PROVIDED INFORMATION |
Segment Open

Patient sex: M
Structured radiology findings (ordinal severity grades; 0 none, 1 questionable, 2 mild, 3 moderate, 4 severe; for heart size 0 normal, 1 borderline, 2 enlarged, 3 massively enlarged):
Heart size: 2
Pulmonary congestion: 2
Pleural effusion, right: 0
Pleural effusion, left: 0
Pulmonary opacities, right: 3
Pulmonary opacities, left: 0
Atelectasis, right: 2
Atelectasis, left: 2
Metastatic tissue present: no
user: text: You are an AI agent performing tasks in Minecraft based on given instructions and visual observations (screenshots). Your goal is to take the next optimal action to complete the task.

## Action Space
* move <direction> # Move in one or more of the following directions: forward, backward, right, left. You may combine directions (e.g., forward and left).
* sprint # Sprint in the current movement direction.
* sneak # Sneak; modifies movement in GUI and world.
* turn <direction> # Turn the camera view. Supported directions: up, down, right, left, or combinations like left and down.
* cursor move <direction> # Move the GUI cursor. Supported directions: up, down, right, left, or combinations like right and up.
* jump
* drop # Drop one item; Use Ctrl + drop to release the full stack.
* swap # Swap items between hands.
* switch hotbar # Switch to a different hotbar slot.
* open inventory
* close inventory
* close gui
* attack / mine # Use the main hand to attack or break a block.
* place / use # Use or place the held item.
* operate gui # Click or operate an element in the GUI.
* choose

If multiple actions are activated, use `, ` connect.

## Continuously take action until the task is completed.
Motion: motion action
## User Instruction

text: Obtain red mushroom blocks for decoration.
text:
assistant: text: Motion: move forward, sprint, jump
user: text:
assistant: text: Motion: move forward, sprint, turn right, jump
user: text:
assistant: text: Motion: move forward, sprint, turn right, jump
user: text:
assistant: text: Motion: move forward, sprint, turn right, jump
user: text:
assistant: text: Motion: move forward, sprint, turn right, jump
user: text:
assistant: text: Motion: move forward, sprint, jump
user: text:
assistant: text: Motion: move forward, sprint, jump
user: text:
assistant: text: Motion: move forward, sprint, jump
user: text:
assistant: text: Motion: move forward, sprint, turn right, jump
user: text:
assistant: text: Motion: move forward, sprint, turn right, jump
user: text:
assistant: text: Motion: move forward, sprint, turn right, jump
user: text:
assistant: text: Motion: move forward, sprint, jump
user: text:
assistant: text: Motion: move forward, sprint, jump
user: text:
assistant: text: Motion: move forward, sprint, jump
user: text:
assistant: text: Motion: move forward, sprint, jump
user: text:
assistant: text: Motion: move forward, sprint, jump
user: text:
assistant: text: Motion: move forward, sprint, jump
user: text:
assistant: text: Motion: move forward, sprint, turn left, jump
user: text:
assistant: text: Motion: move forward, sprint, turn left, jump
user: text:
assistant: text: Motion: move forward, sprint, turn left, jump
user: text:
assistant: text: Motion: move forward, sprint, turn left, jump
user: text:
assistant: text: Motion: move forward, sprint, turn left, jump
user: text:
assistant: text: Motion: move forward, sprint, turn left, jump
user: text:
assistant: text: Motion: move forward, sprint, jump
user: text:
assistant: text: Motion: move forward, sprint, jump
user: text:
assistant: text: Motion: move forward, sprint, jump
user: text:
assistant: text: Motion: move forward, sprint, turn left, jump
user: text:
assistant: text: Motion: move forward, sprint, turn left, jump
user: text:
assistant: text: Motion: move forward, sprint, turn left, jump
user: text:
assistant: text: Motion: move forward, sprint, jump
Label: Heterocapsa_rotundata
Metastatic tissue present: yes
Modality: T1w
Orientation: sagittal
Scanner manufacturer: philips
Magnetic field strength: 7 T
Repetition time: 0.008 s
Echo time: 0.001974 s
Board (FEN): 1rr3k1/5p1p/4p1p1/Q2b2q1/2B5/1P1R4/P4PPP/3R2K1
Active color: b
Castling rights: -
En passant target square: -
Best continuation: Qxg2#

Segment Closed

WHAT YOU ARE ASKED TO DO |
A verbatim copy of the listing is needed.

TASK ANSWER |
Patient sex: M
Structured radiology findings (ordinal severity grades; 0 none, 1 questionable, 2 mild, 3 moderate, 4 severe; for heart size 0 normal, 1 borderline, 2 enlarged, 3 massively enlarged):
Heart size: 2
Pulmonary congestion: 2
Pleural effusion, right: 0
Pleural effusion, left: 0
Pulmonary opacities, right: 3
Pulmonary opacities, left: 0
Atelectasis, right: 2
Atelectasis, left: 2
Metastatic tissue present: no
user: text: You are an AI agent performing tasks in Minecraft based on given instructions and visual observations (screenshots). Your goal is to take the next optimal action to complete the task.

## Action Space
* move <direction> # Move in one or more of the following directions: forward, backward, right, left. You may combine directions (e.g., forward and left).
* sprint # Sprint in the current movement direction.
* sneak # Sneak; modifies movement in GUI and world.
* turn <direction> # Turn the camera view. Supported directions: up, down, right, left, or combinations like left and down.
* cursor move <direction> # Move the GUI cursor. Supported directions: up, down, right, left, or combinations like right and up.
* jump
* drop # Drop one item; Use Ctrl + drop to release the full stack.
* swap # Swap items between hands.
* switch hotbar # Switch to a different hotbar slot.
* open inventory
* close inventory
* close gui
* attack / mine # Use the main hand to attack or break a block.
* place / use # Use or place the held item.
* operate gui # Click or operate an element in the GUI.
* choose

If multiple actions are activated, use `, ` connect.

## Continuously take action until the task is completed.
Motion: motion action
## User Instruction

text: Obtain red mushroom blocks for decoration.
text:
assistant: text: Motion: move forward, sprint, jump
user: text:
assistant: text: Motion: move forward, sprint, turn right, jump
user: text:
assistant: text: Motion: move forward, sprint, turn right, jump
user: text:
assistant: text: Motion: move forward, sprint, turn right, jump
user: text:
assistant: text: Motion: move forward, sprint, turn right, jump
user: text:
assistant: text: Motion: move forward, sprint, jump
user: text:
assistant: text: Motion: move forward, sprint, jump
user: text:
assistant: text: Motion: move forward, sprint, jump
user: text:
assistant: text: Motion: move forward, sprint, turn right, jump
user: text:
assistant: text: Motion: move forward, sprint, turn right, jump
user: text:
assistant: text: Motion: move forward, sprint, turn right, jump
user: text:
assistant: text: Motion: move forward, sprint, jump
user: text:
assistant: text: Motion: move forward, sprint, jump
user: text:
assistant: text: Motion: move forward, sprint, jump
user: text:
assistant: text: Motion: move forward, sprint, jump
user: text:
assistant: text: Motion: move forward, sprint, jump
user: text:
assistant: text: Motion: move forward, sprint, jump
user: text:
assistant: text: Motion: move forward, sprint, turn left, jump
user: text:
assistant: text: Motion: move forward, sprint, turn left, jump
user: text:
assistant: text: Motion: move forward, sprint, turn left, jump
user: text:
assistant: text: Motion: move forward, sprint, turn left, jump
user: text:
assistant: text: Motion: move forward, sprint, turn left, jump
user: text:
assistant: text: Motion: move forward, sprint, turn left, jump
user: text:
assistant: text: Motion: move forward, sprint, jump
user: text:
assistant: text: Motion: move forward, sprint, jump
user: text:
assistant: text: Motion: move forward, sprint, jump
user: text:
assistant: text: Motion: move forward, sprint, turn left, jump
user: text:
assistant: text: Motion: move forward, sprint, turn left, jump
user: text:
assistant: text: Motion: move forward, sprint, turn left, jump
user: text:
assistant: text: Motion: move forward, sprint, jump
Label: Heterocapsa_rotundata
Metastatic tissue present: yes
Modality: T1w
Orientation: sagittal
Scanner manufacturer: philips
Magnetic field strength: 7 T
Repetition time: 0.008 s
Echo time: 0.001974 s
Board (FEN): 1rr3k1/5p1p/4p1p1/Q2b2q1/2B5/1P1R4/P4PPP/3R2K1
Active color: b
Castling rights: -
En passant target square: -
Best continuation: Qxg2#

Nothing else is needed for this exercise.